• Aim of the task: The output has to be the full set of records, reproduced exactly, minus any picture.

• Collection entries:
--------------------------------

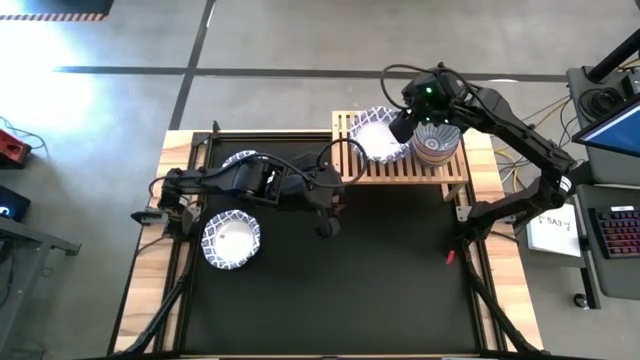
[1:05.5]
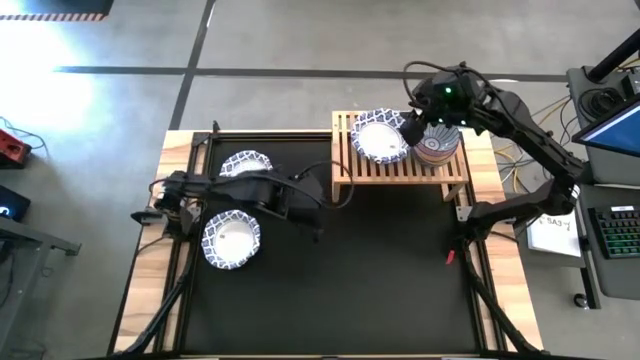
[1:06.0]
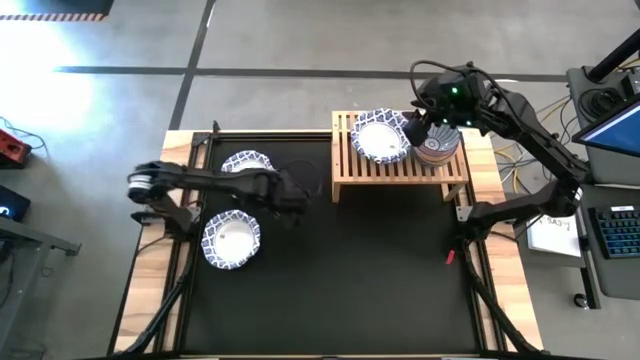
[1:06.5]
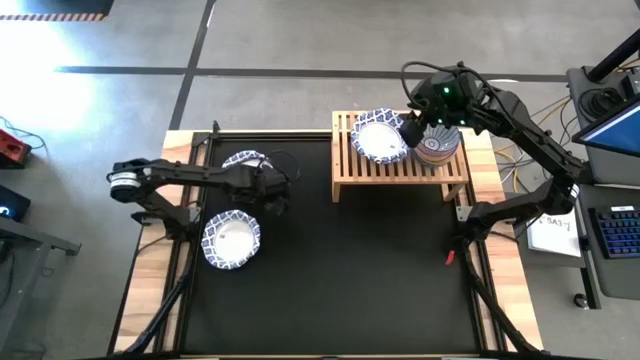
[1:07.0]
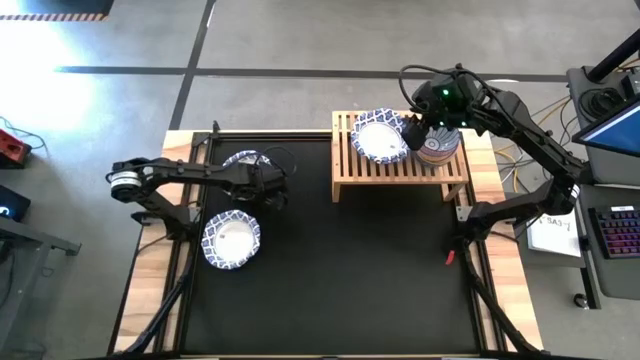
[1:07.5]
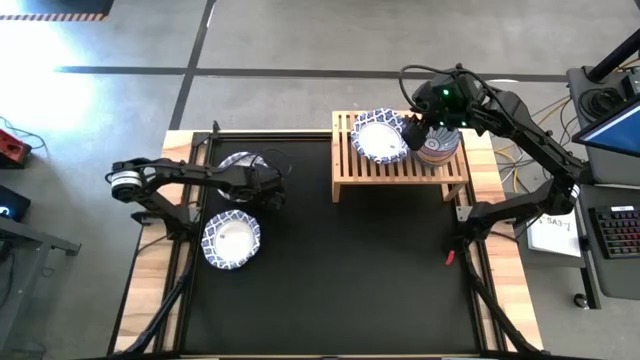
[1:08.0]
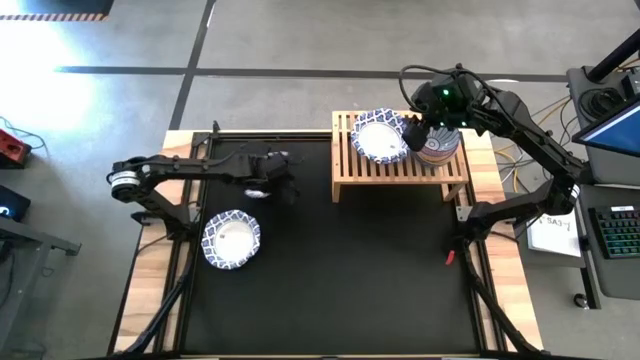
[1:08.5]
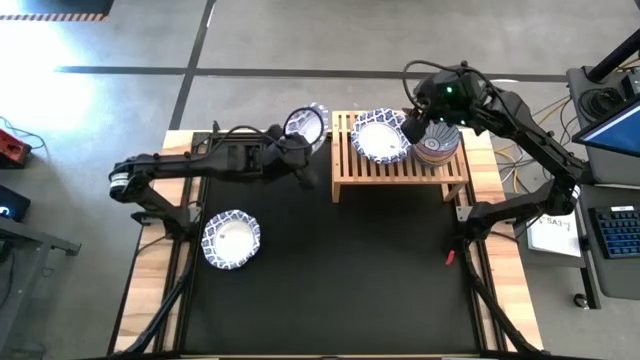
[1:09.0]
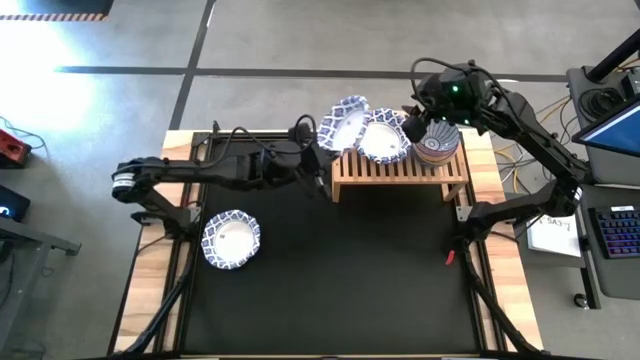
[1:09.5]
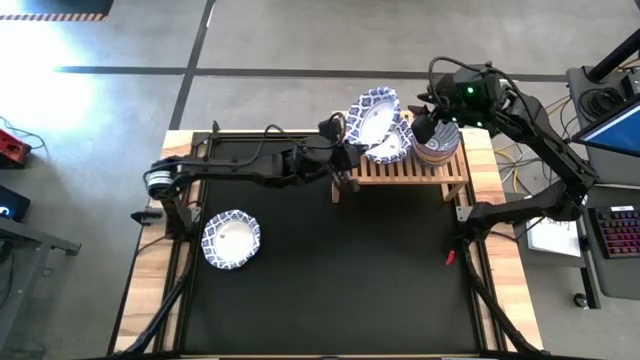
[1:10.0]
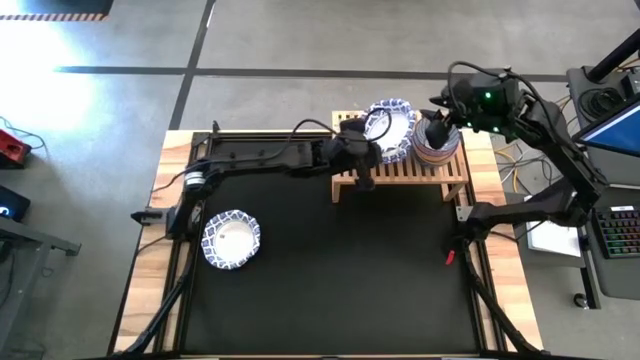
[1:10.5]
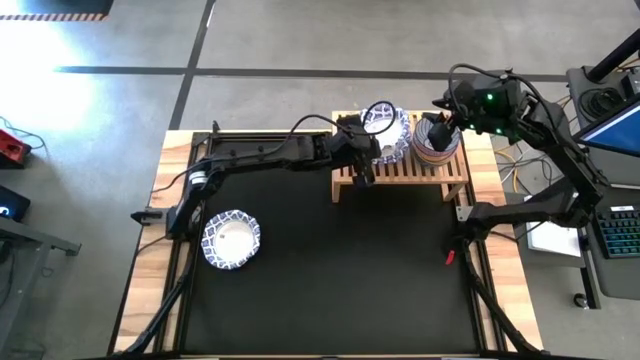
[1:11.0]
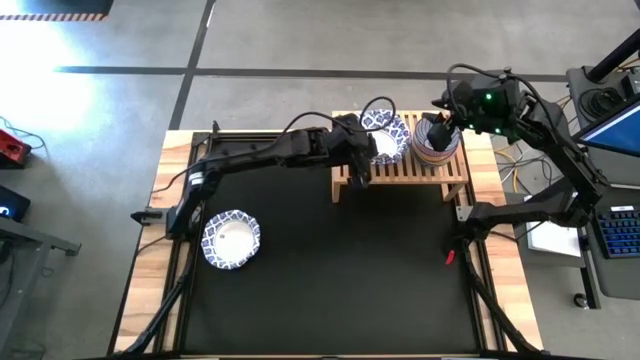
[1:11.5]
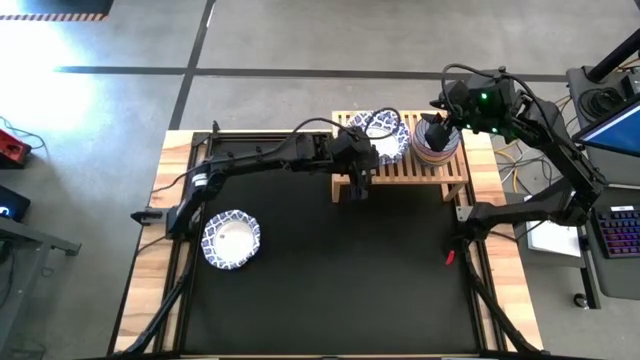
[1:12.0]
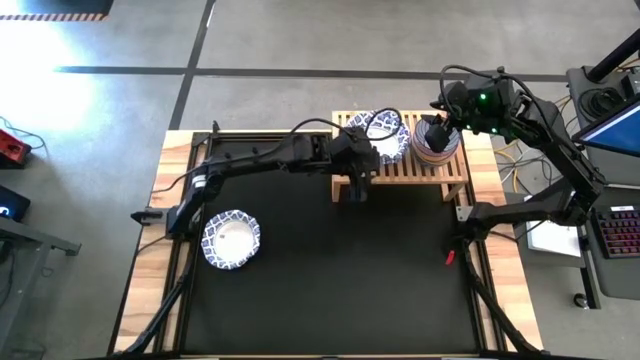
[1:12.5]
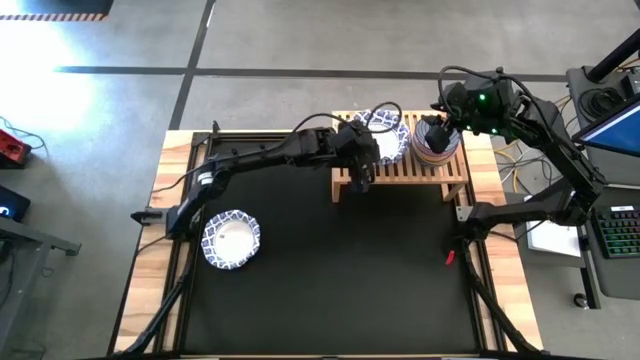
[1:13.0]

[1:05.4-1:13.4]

--------------------------------

• Solved problem:
[1:05.5]
[1:06.0]
[1:06.5]
[1:07.0]
[1:07.5]
[1:08.0]
[1:08.5]
[1:09.0]
[1:09.5]
[1:10.0]
[1:10.5]
[1:11.0]
[1:11.5]
[1:12.0]
[1:12.5]
[1:13.0]

[1:05.4-1:13.4]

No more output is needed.